**Data excerpts:**
--*--

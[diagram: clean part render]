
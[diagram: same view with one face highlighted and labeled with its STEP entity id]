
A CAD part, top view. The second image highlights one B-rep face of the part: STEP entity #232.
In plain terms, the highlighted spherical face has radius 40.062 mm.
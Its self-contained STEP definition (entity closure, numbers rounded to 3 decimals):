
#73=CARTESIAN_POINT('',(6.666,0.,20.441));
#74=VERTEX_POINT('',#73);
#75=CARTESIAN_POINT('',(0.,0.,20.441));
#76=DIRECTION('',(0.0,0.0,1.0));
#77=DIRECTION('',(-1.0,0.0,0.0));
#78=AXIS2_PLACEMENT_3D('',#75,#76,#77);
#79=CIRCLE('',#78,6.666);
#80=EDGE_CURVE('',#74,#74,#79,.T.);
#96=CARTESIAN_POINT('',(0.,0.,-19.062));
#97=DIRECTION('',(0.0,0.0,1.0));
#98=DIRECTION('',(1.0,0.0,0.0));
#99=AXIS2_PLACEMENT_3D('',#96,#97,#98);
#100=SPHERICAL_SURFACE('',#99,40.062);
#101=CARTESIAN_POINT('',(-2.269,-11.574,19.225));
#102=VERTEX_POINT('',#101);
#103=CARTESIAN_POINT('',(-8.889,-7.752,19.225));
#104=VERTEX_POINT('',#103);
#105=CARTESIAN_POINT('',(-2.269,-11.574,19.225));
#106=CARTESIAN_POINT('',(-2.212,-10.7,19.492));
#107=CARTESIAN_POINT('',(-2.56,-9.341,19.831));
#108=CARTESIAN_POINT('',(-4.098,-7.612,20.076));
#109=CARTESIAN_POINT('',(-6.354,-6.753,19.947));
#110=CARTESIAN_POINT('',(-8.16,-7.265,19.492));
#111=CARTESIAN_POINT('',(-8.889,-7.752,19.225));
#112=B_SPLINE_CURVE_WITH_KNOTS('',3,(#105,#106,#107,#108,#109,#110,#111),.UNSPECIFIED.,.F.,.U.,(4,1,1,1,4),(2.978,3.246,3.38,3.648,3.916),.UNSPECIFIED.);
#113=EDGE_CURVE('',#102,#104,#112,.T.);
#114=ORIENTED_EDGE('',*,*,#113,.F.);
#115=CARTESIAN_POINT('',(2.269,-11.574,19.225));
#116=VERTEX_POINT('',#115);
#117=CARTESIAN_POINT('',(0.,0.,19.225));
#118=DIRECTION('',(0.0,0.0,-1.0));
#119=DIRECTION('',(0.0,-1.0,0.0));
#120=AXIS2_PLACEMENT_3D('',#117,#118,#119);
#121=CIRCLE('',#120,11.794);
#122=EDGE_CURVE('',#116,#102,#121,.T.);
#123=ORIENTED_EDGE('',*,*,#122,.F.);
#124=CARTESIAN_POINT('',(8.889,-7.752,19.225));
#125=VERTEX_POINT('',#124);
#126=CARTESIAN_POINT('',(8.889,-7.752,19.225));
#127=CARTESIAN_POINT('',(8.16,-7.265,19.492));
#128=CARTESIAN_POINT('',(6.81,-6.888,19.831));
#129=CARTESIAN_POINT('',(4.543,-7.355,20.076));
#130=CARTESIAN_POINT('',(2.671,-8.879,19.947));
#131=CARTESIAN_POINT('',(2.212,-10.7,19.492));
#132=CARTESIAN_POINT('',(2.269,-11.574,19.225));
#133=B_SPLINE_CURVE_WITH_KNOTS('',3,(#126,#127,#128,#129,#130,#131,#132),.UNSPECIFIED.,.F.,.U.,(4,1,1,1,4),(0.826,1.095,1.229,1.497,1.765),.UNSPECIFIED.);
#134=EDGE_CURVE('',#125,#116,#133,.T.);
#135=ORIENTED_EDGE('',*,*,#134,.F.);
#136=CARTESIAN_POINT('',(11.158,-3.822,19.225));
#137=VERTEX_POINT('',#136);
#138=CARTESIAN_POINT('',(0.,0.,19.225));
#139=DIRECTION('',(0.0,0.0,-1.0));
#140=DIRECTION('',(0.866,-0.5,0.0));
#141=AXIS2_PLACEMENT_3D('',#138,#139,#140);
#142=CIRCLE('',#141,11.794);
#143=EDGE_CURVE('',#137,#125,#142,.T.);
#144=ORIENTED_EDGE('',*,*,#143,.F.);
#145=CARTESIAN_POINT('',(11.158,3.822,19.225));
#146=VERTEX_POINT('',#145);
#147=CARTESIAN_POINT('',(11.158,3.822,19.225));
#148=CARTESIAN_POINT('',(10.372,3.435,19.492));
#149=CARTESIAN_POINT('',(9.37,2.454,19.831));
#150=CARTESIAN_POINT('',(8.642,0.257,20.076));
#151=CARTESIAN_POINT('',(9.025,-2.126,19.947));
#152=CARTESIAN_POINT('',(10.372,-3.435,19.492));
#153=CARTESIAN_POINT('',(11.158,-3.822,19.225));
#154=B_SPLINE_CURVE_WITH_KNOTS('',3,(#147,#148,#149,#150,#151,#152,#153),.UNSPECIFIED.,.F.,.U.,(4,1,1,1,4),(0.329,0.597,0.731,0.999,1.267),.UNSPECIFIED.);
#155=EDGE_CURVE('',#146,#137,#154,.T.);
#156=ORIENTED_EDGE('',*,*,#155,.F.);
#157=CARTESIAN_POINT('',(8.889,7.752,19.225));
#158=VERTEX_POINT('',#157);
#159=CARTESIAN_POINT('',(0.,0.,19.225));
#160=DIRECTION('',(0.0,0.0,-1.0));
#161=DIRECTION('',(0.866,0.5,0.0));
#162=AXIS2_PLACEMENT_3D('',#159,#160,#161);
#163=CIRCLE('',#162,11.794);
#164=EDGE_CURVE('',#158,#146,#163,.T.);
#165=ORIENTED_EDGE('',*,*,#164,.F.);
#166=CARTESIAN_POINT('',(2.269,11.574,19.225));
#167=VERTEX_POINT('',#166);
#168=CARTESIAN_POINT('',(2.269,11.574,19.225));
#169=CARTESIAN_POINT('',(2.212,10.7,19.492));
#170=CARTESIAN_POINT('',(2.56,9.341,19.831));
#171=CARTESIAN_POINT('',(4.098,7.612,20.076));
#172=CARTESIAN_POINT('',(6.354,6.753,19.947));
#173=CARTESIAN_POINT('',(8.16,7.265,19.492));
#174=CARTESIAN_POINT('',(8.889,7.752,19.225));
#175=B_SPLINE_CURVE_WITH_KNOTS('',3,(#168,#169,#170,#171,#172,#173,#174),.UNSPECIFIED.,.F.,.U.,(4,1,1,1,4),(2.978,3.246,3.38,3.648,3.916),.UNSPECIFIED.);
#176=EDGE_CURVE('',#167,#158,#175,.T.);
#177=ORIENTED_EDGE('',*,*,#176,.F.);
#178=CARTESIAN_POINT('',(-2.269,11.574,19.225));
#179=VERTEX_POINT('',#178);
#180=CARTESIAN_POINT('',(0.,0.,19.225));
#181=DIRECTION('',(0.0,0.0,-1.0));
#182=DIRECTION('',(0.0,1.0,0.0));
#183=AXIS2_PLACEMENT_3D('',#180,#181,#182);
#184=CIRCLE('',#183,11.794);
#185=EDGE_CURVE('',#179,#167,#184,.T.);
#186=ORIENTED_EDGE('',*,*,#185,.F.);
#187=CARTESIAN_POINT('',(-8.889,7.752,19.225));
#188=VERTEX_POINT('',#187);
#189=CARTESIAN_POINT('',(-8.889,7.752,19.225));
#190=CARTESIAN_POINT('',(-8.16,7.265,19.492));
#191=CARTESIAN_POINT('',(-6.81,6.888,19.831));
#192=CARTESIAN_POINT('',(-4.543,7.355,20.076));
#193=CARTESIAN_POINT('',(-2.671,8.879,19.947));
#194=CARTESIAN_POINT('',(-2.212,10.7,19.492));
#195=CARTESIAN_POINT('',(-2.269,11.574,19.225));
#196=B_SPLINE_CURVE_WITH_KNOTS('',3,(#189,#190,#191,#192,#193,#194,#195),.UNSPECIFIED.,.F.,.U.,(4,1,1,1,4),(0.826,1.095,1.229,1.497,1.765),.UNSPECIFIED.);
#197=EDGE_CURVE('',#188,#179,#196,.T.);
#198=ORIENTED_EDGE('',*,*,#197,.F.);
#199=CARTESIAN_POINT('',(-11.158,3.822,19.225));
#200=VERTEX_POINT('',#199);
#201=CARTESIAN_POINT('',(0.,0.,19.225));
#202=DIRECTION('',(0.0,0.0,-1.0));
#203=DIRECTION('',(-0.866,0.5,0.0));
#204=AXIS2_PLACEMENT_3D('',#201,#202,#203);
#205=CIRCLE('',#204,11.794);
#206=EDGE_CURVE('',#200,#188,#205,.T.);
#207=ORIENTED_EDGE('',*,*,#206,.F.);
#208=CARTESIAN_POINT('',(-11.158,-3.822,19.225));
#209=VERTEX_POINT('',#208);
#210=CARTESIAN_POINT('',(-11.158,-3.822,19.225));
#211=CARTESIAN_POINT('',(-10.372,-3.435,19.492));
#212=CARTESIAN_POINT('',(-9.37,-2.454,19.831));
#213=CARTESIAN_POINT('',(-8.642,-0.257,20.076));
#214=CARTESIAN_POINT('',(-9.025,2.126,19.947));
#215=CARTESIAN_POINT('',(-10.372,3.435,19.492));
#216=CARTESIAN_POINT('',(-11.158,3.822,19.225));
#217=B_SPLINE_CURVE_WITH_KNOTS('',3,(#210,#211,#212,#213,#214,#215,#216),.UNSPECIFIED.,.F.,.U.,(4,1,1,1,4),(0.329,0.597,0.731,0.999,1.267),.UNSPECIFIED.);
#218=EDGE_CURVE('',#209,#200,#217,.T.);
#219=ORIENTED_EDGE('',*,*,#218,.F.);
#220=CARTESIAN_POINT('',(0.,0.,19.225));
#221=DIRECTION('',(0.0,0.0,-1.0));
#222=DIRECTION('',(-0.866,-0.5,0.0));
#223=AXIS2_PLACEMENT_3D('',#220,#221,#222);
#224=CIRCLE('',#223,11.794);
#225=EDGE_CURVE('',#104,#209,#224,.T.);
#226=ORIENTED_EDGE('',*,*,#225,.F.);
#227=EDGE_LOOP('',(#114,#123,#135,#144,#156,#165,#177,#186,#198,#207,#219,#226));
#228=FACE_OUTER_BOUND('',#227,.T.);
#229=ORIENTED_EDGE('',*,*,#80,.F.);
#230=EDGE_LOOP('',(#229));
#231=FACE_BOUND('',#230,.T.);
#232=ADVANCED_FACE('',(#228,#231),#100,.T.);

--*--

**Problem details:** When you reach the line with "#152=CARTESIAN_POINT('',(10.372,-3.435,19.492));" in the records above, start writing out lines exactly, and stop once the line with "#178=CARTESIAN_POINT('',(-2.269,11.574,19.225));" has been written; include nothing else.

**Finished exercise:**
#152=CARTESIAN_POINT('',(10.372,-3.435,19.492));
#153=CARTESIAN_POINT('',(11.158,-3.822,19.225));
#154=B_SPLINE_CURVE_WITH_KNOTS('',3,(#147,#148,#149,#150,#151,#152,#153),.UNSPECIFIED.,.F.,.U.,(4,1,1,1,4),(0.329,0.597,0.731,0.999,1.267),.UNSPECIFIED.);
#155=EDGE_CURVE('',#146,#137,#154,.T.);
#156=ORIENTED_EDGE('',*,*,#155,.F.);
#157=CARTESIAN_POINT('',(8.889,7.752,19.225));
#158=VERTEX_POINT('',#157);
#159=CARTESIAN_POINT('',(0.,0.,19.225));
#160=DIRECTION('',(0.0,0.0,-1.0));
#161=DIRECTION('',(0.866,0.5,0.0));
#162=AXIS2_PLACEMENT_3D('',#159,#160,#161);
#163=CIRCLE('',#162,11.794);
#164=EDGE_CURVE('',#158,#146,#163,.T.);
#165=ORIENTED_EDGE('',*,*,#164,.F.);
#166=CARTESIAN_POINT('',(2.269,11.574,19.225));
#167=VERTEX_POINT('',#166);
#168=CARTESIAN_POINT('',(2.269,11.574,19.225));
#169=CARTESIAN_POINT('',(2.212,10.7,19.492));
#170=CARTESIAN_POINT('',(2.56,9.341,19.831));
#171=CARTESIAN_POINT('',(4.098,7.612,20.076));
#172=CARTESIAN_POINT('',(6.354,6.753,19.947));
#173=CARTESIAN_POINT('',(8.16,7.265,19.492));
#174=CARTESIAN_POINT('',(8.889,7.752,19.225));
#175=B_SPLINE_CURVE_WITH_KNOTS('',3,(#168,#169,#170,#171,#172,#173,#174),.UNSPECIFIED.,.F.,.U.,(4,1,1,1,4),(2.978,3.246,3.38,3.648,3.916),.UNSPECIFIED.);
#176=EDGE_CURVE('',#167,#158,#175,.T.);
#177=ORIENTED_EDGE('',*,*,#176,.F.);
#178=CARTESIAN_POINT('',(-2.269,11.574,19.225));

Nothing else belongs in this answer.